Every father-son day afield is extra special to Bobby and Jim.

Bobby became a woodsman at age 6, when his dad took him squirrel hunting. He killed his first turkey at age 11. Last spring, tears were shed when he scored again the day before the spring gobbler season ended. ``We'd probably been at least 15 times,'' Jim said. Bobby was on crutches at the time.

``The turkey was down in a hollow,'' Bobby said. ``It was gobbling pretty good, but Dad let out the first call and it shut up. Then, on the second call it gobbled so close that it was unreal. It was like 25 yards.''

Turkey hunting is Bobby's favorite outdoor adventure, whether it be amid the chalky colors of spring dogwoods, the blaze of autumn colors or the silence of winter.

Bobby and his dad set up behind a twin white oak tree on a recent morning. They punched a few pine limbs into the black soil to mask their position.

The resurgence of spring was everywhere, in the pastel colors of new leaves, in the blooms of wildflowers, in the songs of birds. But there was no gobbling.

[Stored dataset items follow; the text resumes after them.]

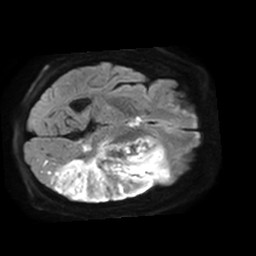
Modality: TRACE
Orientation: axial
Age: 53
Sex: male
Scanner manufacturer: philips
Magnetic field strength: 1.5 T
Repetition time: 3.267 s
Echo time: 0.06922 s
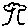
Label: tree
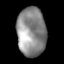
Tissue: lung
Cell type: Endothelial cells
Senescence score: 0.6028
Nuclear area (px): 1379
Mean DAPI intensity: 140.209
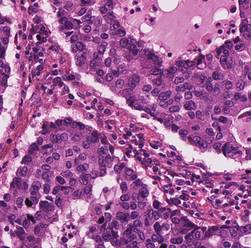
Tumor epithelial tissue: yes
Tumor-associated stroma tissue: yes
Normal tissue: no
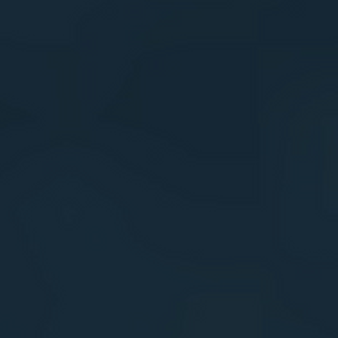
Label: other
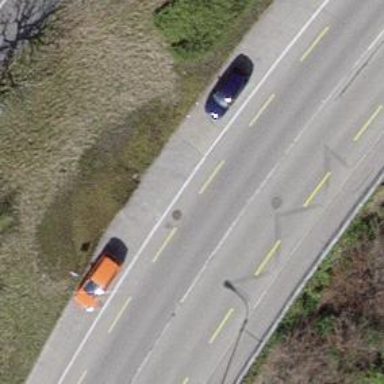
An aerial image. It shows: Primary highway with asphalt surface and lanes for cycling on both sides.
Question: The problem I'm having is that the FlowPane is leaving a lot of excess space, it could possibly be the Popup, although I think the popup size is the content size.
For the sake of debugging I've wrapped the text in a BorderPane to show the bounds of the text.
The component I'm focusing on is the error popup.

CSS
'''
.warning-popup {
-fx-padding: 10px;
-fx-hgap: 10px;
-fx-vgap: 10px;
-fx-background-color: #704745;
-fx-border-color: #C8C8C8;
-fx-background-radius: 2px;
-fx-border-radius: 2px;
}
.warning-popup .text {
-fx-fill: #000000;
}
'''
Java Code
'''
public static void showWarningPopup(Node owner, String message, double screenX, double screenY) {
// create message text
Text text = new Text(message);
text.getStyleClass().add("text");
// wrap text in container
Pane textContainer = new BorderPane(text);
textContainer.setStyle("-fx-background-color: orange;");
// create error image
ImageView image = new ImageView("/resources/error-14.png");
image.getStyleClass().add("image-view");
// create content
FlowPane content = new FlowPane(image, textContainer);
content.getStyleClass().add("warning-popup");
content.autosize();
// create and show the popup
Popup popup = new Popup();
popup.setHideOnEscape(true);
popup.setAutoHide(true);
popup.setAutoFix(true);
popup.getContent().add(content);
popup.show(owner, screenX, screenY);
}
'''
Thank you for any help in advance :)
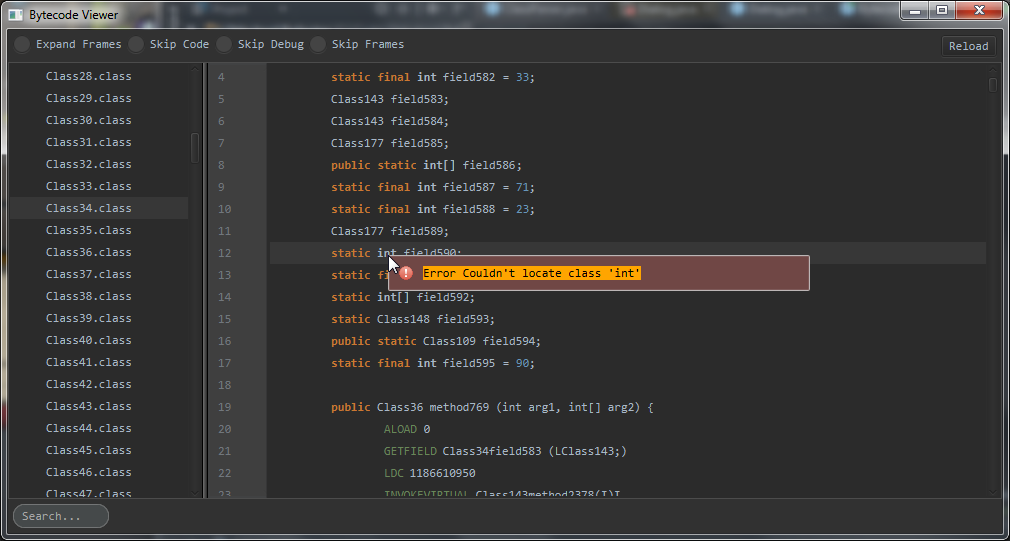
Answer: The issue you are facing is because of the default 'WrapLength' of FlowPane, which is set at . This property also sets the 'width' of the FlowPane to '400'.
> FlowPane's prefWrapLength property establishes it's preferred width (for horizontal) or preferred height (for vertical).
You can decrease the wrapLength to the desired value by using
'''
flowPane.setPrefWrapLength(YOUR_VALUE);
'''
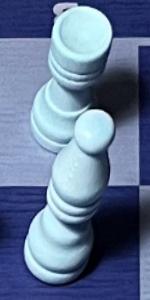
Label: Bishop_White
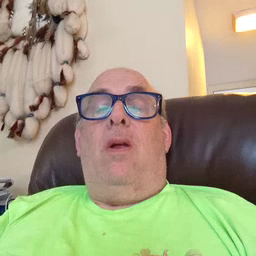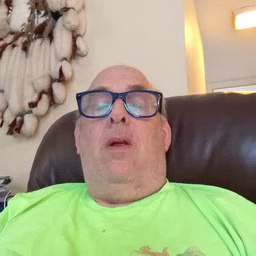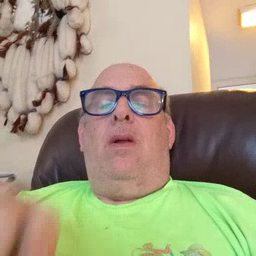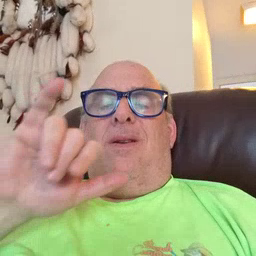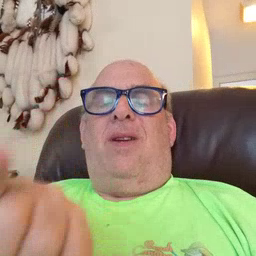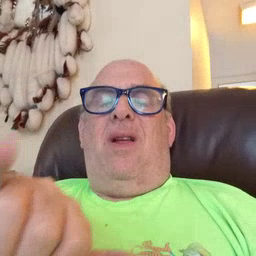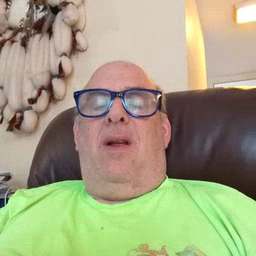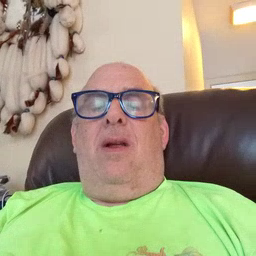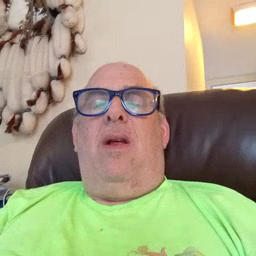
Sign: stay

``We just sat there real quiet,'' Jim said. ``I knew if we hadn't heard him flush out he was still there.''

As daylight gave shape to the woods, another tom gobbled in the distance. Jim called. There was no answer from the roosting bird, but it was approaching cloaked in silence and vanity.

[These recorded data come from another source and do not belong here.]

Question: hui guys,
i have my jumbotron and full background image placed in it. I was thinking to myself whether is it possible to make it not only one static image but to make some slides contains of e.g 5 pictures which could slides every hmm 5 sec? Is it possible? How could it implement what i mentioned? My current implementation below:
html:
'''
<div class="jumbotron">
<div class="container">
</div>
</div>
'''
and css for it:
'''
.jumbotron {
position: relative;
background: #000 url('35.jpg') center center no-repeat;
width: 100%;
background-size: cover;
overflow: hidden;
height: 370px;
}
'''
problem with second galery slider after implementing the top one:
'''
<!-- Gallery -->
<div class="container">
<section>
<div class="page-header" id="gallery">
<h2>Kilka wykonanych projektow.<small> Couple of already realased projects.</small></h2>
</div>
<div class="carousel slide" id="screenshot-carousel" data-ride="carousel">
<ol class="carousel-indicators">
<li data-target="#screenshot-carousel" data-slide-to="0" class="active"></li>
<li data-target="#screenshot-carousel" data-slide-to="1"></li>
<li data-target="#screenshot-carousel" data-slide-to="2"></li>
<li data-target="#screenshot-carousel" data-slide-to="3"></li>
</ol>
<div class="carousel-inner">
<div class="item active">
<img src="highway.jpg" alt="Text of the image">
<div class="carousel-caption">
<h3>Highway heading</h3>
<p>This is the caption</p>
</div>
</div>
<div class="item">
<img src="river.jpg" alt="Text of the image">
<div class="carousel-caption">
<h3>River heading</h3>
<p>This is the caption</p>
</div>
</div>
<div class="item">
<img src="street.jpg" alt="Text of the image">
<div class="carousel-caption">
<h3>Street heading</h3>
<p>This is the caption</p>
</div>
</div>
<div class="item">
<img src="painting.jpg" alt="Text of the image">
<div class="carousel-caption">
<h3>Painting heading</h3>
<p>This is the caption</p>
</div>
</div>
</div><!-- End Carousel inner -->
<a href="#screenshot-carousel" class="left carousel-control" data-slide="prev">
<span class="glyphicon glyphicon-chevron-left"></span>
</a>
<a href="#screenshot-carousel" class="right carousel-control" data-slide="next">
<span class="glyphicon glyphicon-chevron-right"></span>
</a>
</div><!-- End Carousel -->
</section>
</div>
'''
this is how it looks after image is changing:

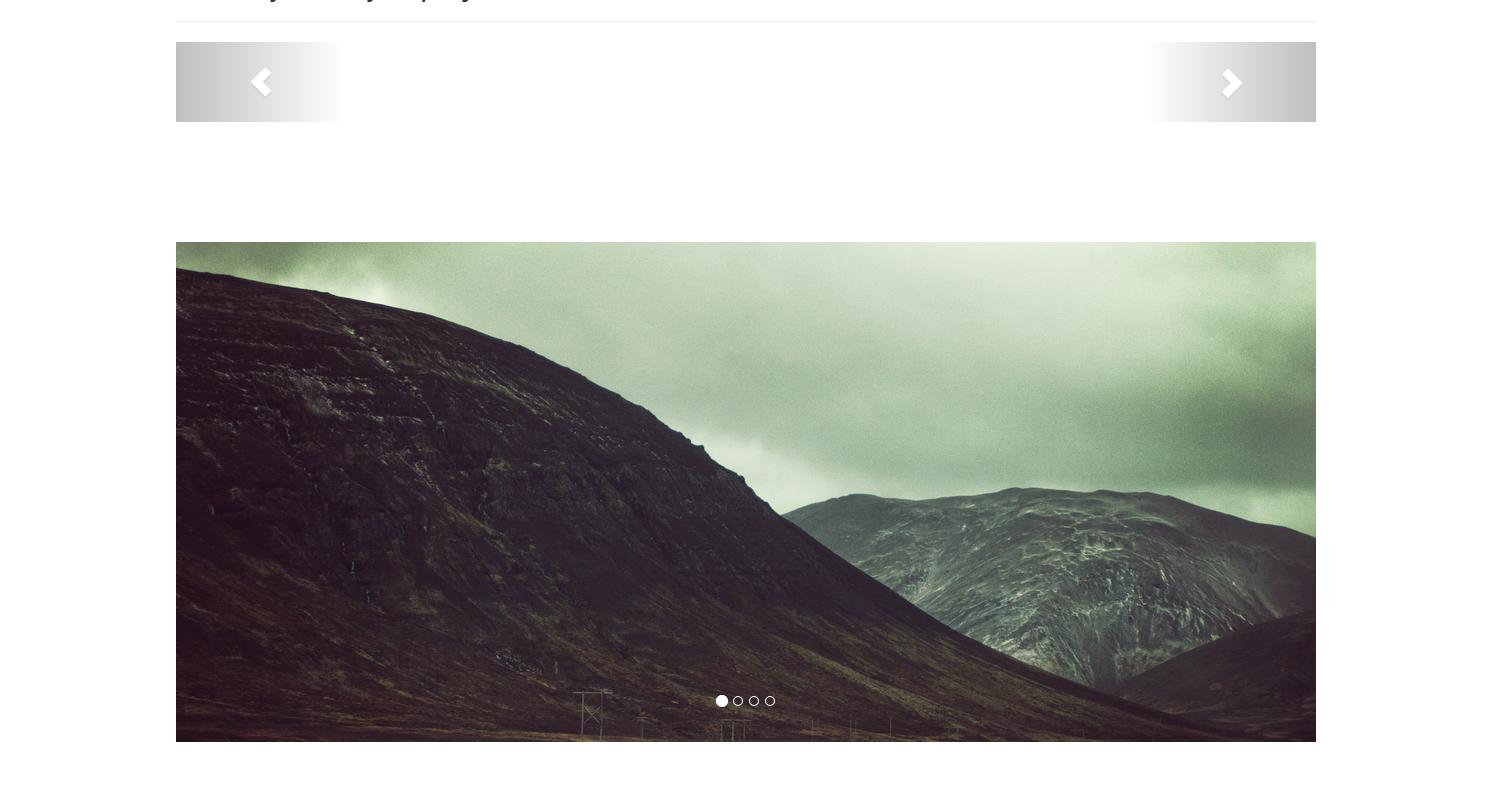
Answer: See this bootply code for a demo on how to customize a jumbotron inside a carousel: <URL>
The basic gist is to place the jumbotron inside the divs for the container of the carousel, so u have the properties of the jumbotron being cycled as in a carousel.

``It wasn't long before he came toward us strutting,'' Jim said.

The gobbler moved ghostlike through the woods. He fanned his wide tail and lowered his wing tips until they raked the leaves. He tucked his blood-red neck into his ruffled chest. His 9-inch beard dangled like a black bell.

Then he raised his head, and it turned white. ``I could see the old snow-head glowing away,'' Bobby said.

That was the target, and Bobby was on it. The tom weighed 18 3/4 pounds.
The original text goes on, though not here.